Iain Foulkes, executive director of research and innovation at Cancer Research UK, said the findings add to the “exciting and developing landscape of cancer vaccine research”.
He said: ‘The results show positive signs of the long-lasting efficacy of the mRNA vaccine.
“After three years of follow-up, the data suggest that levels of cancer relapse did not increase in people with high-risk advanced-stage melanoma.
‘The findings highlight the great promise of therapeutic cancer vaccines used in combination with potent immunotherapies.
“Similar vaccine technologies are also being investigated in trials in the UK for use in colorectal cancer after surgery.”
The combination treatment is not yet routinely available on the NHS, outside of clinical trials.
But in April, Stéphane Bancel, CEO of Moderna, said he believed an mRNA vaccine against melanoma could be available in 2025.
The global UCLH phase three trial will include a wider range of patients and researchers hope to recruit around 1,100 people.
At least 60 to 70 patients will be recruited across eight UK centers including London, Manchester, Edinburgh and Leeds.
A second trial presented at the Chicago conference found that cancer vaccines can significantly improve the survival of breast cancer patients after surgery.
Led by a team at the University of Vienna and involving 400 patients with early-stage breast cancer, the vaccine (tecemotide) increased the chances of survival by 16 percent, compared to those who received standard care.

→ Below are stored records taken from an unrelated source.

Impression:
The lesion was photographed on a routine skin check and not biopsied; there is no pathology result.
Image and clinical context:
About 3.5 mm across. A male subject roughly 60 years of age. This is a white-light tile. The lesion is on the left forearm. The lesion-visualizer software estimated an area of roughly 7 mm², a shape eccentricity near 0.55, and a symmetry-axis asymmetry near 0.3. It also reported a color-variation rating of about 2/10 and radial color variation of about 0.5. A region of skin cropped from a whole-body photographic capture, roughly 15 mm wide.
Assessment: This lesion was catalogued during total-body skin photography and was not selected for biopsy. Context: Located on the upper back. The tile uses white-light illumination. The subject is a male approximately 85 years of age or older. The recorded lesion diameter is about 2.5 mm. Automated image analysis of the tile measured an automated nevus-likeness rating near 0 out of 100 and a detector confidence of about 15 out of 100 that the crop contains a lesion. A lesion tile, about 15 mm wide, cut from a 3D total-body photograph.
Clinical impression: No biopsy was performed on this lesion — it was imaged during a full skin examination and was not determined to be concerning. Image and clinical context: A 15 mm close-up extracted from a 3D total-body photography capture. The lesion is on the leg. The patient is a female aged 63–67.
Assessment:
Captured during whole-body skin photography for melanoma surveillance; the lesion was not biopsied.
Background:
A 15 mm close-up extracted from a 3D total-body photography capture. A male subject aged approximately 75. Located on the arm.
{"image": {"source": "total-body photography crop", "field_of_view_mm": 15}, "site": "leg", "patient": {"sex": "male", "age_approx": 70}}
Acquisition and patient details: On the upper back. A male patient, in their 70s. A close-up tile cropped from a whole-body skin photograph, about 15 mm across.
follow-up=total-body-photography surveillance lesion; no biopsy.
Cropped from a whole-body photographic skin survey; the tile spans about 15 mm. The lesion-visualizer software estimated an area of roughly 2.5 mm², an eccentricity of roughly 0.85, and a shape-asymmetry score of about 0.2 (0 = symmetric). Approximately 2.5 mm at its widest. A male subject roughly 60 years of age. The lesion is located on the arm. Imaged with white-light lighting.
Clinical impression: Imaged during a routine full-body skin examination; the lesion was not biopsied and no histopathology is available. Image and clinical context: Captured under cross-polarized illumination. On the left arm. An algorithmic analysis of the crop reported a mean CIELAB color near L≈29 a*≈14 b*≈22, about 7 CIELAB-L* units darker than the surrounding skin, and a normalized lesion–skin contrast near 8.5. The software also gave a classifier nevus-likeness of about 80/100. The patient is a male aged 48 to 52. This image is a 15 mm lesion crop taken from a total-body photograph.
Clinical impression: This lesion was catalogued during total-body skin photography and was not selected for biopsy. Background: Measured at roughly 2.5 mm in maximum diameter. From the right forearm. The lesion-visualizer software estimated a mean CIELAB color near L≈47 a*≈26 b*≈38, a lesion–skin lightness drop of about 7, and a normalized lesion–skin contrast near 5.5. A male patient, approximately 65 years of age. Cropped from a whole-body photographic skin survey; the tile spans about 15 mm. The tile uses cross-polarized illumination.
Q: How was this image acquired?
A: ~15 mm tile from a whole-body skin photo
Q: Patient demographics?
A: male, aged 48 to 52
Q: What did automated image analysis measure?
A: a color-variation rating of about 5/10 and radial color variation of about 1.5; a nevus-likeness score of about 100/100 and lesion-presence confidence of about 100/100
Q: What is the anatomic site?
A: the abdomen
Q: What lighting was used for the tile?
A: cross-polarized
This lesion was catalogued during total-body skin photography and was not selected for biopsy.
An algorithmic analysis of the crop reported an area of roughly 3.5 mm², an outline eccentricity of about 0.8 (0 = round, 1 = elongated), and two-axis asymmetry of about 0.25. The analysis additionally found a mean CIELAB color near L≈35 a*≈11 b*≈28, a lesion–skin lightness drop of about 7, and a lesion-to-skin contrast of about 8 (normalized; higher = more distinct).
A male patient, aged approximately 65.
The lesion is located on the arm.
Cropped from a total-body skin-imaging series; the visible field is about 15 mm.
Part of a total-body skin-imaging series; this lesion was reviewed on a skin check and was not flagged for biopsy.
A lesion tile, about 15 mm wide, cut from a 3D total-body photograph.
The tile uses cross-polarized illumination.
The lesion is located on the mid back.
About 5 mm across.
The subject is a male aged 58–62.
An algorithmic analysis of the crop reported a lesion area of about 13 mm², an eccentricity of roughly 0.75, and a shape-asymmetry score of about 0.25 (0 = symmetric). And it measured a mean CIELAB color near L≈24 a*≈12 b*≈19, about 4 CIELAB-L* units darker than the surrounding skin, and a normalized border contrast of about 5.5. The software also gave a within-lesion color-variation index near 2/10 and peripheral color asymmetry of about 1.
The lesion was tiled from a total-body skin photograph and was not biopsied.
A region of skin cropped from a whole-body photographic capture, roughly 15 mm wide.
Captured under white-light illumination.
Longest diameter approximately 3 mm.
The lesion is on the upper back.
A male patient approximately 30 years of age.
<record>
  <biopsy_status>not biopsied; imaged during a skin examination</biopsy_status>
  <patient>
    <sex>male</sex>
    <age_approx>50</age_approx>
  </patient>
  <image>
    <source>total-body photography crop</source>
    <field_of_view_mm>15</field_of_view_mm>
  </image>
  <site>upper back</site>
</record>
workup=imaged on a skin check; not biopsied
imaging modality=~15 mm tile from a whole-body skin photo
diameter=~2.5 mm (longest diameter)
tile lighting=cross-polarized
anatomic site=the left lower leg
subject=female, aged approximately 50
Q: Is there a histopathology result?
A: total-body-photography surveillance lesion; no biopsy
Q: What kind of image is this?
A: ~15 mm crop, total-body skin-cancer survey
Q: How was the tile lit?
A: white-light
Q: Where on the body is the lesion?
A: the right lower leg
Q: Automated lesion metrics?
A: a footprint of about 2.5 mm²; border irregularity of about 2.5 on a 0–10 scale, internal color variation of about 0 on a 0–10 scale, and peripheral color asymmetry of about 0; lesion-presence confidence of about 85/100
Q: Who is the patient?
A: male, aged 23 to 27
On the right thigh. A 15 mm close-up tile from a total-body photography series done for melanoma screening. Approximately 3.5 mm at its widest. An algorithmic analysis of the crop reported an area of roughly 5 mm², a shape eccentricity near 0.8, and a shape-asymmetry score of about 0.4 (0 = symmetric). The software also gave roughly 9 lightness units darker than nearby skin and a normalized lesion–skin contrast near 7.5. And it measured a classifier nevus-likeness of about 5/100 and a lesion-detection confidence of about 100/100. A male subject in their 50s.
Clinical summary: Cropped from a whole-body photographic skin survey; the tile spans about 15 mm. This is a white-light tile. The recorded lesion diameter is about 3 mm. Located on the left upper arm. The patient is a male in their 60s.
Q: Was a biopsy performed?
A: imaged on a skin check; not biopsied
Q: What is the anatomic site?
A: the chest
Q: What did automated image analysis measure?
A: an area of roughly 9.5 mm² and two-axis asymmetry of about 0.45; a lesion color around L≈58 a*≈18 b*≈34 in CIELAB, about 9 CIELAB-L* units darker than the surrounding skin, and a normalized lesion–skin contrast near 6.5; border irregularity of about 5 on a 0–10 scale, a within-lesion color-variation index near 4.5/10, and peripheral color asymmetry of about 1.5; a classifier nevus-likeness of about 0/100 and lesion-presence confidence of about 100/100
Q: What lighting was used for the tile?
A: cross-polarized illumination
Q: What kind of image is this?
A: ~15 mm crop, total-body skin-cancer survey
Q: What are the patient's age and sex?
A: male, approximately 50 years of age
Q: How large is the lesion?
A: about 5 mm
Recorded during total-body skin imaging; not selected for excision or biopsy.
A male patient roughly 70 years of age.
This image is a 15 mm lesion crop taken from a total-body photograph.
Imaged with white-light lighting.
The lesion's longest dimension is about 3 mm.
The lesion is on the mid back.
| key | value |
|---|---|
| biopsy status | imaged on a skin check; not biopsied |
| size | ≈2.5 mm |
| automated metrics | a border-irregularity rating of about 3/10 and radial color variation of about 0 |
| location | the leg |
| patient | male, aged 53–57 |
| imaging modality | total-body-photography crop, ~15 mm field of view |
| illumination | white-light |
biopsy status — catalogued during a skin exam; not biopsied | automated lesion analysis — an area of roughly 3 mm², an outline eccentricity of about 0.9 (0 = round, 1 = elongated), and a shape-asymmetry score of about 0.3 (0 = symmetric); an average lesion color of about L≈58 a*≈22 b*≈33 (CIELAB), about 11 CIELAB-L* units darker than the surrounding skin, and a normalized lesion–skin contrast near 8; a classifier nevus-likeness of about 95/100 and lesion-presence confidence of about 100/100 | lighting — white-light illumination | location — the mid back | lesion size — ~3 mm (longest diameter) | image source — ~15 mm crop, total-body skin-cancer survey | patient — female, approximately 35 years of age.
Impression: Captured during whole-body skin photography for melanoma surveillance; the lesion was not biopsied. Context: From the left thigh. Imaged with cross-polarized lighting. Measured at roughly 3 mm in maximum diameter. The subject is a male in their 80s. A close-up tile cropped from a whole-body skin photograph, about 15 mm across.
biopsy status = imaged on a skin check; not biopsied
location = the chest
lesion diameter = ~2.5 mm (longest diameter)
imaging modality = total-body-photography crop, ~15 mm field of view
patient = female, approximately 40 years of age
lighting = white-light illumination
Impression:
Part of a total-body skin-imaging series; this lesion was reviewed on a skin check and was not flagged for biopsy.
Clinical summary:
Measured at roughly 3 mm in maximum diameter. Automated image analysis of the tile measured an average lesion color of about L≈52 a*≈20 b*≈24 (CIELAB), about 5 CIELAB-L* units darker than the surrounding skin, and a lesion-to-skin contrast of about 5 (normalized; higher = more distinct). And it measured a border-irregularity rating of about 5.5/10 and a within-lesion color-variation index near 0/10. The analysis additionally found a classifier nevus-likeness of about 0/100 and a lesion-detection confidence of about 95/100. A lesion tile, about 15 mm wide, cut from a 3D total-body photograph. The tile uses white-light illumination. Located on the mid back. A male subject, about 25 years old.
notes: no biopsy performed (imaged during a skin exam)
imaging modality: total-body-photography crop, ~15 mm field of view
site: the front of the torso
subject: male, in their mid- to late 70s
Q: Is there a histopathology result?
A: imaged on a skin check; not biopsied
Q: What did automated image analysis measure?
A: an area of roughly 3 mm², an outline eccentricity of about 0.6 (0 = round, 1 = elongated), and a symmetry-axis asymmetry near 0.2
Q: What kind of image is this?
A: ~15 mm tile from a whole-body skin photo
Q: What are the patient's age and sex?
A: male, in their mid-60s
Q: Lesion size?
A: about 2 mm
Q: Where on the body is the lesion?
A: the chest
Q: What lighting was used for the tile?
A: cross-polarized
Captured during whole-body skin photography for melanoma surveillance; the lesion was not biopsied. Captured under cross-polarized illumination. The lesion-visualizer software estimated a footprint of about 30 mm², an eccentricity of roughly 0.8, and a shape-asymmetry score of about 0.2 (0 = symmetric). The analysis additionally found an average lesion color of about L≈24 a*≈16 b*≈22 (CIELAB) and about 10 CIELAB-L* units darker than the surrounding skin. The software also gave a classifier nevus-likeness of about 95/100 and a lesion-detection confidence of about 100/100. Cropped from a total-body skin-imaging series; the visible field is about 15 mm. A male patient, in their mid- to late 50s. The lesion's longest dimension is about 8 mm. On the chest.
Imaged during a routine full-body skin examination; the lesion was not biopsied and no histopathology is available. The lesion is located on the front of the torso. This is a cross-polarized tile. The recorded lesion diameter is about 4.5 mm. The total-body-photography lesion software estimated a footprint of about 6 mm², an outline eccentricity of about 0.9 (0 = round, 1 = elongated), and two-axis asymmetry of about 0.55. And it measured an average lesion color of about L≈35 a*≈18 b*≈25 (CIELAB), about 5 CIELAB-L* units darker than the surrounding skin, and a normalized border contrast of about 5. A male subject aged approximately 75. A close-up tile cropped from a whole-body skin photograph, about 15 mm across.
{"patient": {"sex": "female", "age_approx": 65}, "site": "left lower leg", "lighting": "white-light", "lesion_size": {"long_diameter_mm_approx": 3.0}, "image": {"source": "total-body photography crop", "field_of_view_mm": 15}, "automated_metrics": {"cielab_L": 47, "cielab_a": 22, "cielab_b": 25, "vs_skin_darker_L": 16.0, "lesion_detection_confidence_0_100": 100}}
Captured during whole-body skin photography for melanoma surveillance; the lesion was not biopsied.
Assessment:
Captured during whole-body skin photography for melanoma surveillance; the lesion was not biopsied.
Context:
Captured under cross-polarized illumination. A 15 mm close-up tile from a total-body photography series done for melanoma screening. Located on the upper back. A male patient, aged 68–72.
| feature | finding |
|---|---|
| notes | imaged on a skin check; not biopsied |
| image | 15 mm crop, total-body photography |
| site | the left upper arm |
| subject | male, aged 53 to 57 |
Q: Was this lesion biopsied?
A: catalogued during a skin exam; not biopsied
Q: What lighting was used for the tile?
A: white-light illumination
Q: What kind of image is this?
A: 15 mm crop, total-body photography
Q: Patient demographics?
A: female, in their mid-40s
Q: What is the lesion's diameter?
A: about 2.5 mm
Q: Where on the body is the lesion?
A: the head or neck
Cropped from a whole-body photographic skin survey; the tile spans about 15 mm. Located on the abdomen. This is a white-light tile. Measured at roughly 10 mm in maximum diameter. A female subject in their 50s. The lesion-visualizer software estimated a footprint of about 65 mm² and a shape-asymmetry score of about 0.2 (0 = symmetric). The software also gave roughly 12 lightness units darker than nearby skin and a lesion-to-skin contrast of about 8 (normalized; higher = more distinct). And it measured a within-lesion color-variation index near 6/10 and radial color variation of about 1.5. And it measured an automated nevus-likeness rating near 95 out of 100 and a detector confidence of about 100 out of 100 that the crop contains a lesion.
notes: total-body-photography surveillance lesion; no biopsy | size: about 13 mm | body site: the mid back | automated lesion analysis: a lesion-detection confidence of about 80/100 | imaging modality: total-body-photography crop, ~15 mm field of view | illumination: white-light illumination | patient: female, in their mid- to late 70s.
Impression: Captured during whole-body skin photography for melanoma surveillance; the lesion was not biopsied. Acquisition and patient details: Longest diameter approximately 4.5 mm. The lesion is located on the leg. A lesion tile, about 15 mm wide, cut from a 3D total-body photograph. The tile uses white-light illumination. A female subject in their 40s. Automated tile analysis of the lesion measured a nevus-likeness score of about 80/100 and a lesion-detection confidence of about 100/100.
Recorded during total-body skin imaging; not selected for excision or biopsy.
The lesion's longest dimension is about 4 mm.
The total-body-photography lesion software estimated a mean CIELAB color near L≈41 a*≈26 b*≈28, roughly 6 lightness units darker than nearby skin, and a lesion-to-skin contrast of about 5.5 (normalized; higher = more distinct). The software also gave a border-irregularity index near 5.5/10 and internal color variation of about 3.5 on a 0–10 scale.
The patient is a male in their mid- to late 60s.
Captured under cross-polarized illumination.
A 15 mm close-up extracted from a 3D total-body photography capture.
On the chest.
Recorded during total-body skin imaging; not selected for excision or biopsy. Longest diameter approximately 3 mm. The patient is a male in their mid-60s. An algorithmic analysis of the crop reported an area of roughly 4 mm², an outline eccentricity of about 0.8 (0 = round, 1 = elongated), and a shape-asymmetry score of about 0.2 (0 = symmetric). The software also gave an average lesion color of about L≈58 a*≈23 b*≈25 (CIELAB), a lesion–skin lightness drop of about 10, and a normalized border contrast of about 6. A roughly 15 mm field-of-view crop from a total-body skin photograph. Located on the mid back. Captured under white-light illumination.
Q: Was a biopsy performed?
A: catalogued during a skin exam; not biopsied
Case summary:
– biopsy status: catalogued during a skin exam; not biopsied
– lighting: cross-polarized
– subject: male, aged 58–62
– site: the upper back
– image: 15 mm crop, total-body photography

Use of the drug, used to boost the immune system before surgery, left 81 percent of patients alive seven years later, compared to 65 percent taking existing drugs.
Lead author Dr. Christian Singer said the vaccine “markedly improved distant recurrence-free survival and overall survival.”
He added: “This is the first significant and profound long-term survival benefit of a cancer vaccine in breast cancer patients reported to date.”